Make decisions ahead of time to overcome your urges at the moment.
Finally, clear your mind.
In the podcast The Life Coach School by Brooke Castillo, she talks about how to live “less sloppy” with our time by taking control of our cluttered brains and pushing past our primitive part of our brain that wants instant gratification.
Brooke says:
“Your ability to be uncomfortable long enough to get what you ultimately want is the secret to getting what you ultimately want”
Part of getting uncomfortable is to ignore the parts of our minds that tell us to take the easy way instead of the hard way. To eat oreos and watch HGTV instead of going to the gym. We want to good stuff now. In this case, the double stuffed stuff.
But Brooke says that “we rob our future selves when we choose instant gratification”. Wow. I had never really thought about it that way. When the Kelly of today chooses ice cream and movies over a workout, it’s the 20 lb heavier Kelly from next year or 5 years later that has to deal with those consequences! Mind. Blown.
Staying focused and using our time wisely is what allows us that white space to do the things we love and are passionate about. But when we are living unfocused, cluttered lives – more often than not, we just feel all worn out and exhausted and we put our dreams (whatever they are) on hold.
It’s hard to stay focused.
When our mind is so full of all of these decisions and tasks, we can find that we shut down and don’t do any of them. I’ve talked before about how I do a brain dump so I was excited to hear Brooke back that idea on her episode.
If you’re ready to try this, here is what you need. A pen, paper, a quiet space and 20 minutes.
Then all you need to do is just start writing. Write down everything that is in your head. Every task you need or want to do. Every project to complete, every event to attend, a phone call to make, a bill to pay. And then when you think you are all done, sit in silence for a moment and think “what else?” then write those. More and more will come.
I have been using this method for years and it always helps me to empty all those thoughts on to the page and get them out of my head. It leaves me room to think creatively and relax.
Brooke takes this a step further though. She says, after you write down everything, (I had 3 full pages) go back and write down what is keeping you from accomplishing this task. Some examples from my page were items like:
- Pick up cake (can’t do it until Saturday)
- Send flyers at school in backpack mail (wait for approval, go to school and print, put in teacher mailboxes)
- Pick up the bushes I cut outside (empty the wagon that is full of sticks so I can use it)
As you can see, there’s always something that needs to happen before the item that is on your list, writing them out made me realize that most aren’t nearly as time-consuming as I assumed they would be.
Here is where the lesson took a turn for the (even) BETTER!

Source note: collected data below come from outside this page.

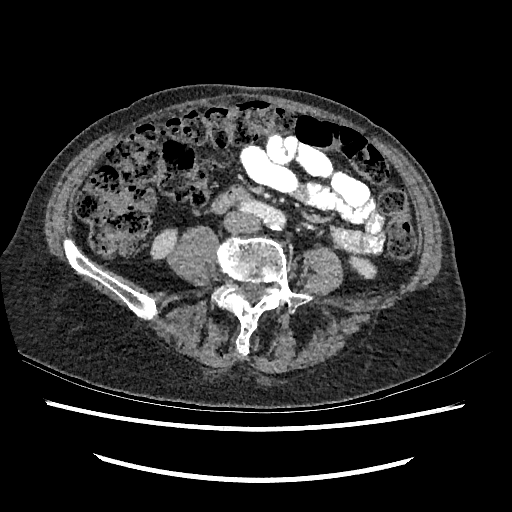

CT slice, 512x512, Abdomen

<segmentation>
  <kidney><box>149,228,181,260</box>, <box>351,257,375,277</box></kidney>
</segmentation>
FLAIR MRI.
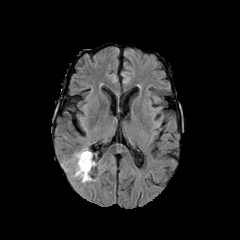
T1-weighted MR image.
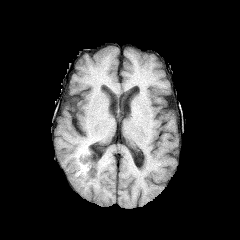
Post-contrast T1-weighted MR.
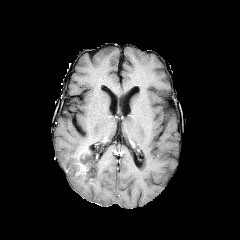
T2-weighted MR.
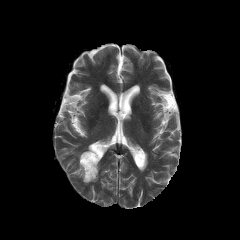
240x240 px
{"enhancing_tumor": ["77, 160, 88, 177"], "non-enhancing_tumor_core": ["76, 148, 96, 180"], "edema": ["68, 152, 95, 183"]}
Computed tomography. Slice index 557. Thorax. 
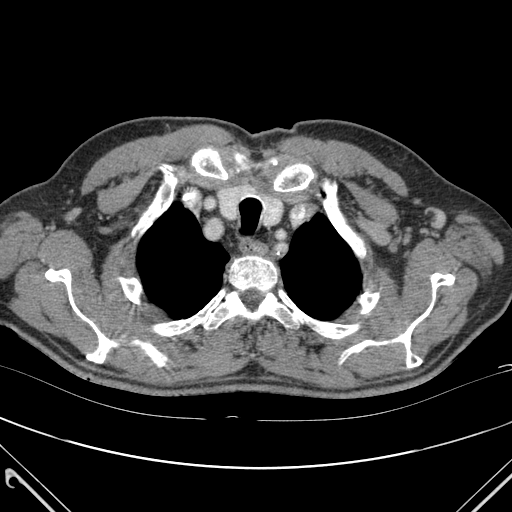
Segmented structures:
- bone: x1=360 y1=292 x2=378 y2=313, x1=192 y1=146 x2=231 y2=179, x1=324 y1=182 x2=364 y2=255, x1=154 y1=290 x2=358 y2=338, x1=392 y1=302 x2=432 y2=367, x1=45 y1=269 x2=116 y2=362, x1=274 y1=164 x2=313 y2=191, x1=344 y1=340 x2=386 y2=356, x1=119 y1=278 x2=141 y2=303, x1=137 y1=165 x2=176 y2=233, x1=235 y1=154 x2=244 y2=166, x1=230 y1=256 x2=276 y2=291, x1=431 y1=273 x2=454 y2=299, x1=141 y1=343 x2=166 y2=366
- lung: x1=280 y1=214 x2=361 y2=320, x1=136 y1=202 x2=229 y2=319
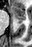

Hippocampus | MR | 32x47
{
  "anterior_hippocampus": [
    "x1=12, y1=6, x2=25, y2=19"
  ],
  "posterior_hippocampus": [
    "x1=18, y1=20, x2=23, y2=22"
  ]
}
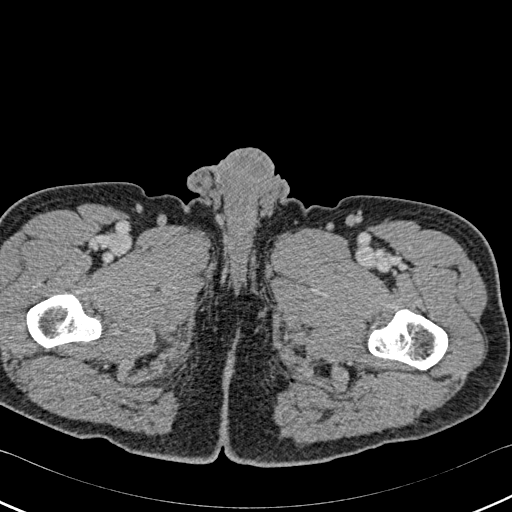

Now, she said, go back and cross off anything you don’t WANT to do. Yes, there will be consequences. But if you know what that is, and are ok with it. Cross it off. I crossed off “paint the chicken coop”. Yes, the consequence is that it will stain and maybe warp some. I’m okay with that.
From here, she suggests that you tackle your most important items first – not your most urgent. She says “if something is urgent, that means you didn’t plan it well. And so if you haven’t planned it well, that doesn’t make it important. It just makes it urgent.”
Then we schedule those items (and all your items) onto your calendar, setting aside specific time blocks to accomplish them. By doing this, we actually get to have MORE free time because we aren’t piecing together lots of unplanned and unorganized tasks throughout the day.
So the moral of the story and lesson I learned is this:
- Decisions that aren’t life or death, really don’t matter. Just make one and move on, plan ahead or eliminate it altogether.
- Make my hard decisions earlier in the day.
- If it matters to me, I need to commit to it and schedule it. (Hey gym.)
- Simplifying quiets my chaos
- Get it all out on paper, decide what’s holding you up, eliminate what you don’t want to do and know that life will go on.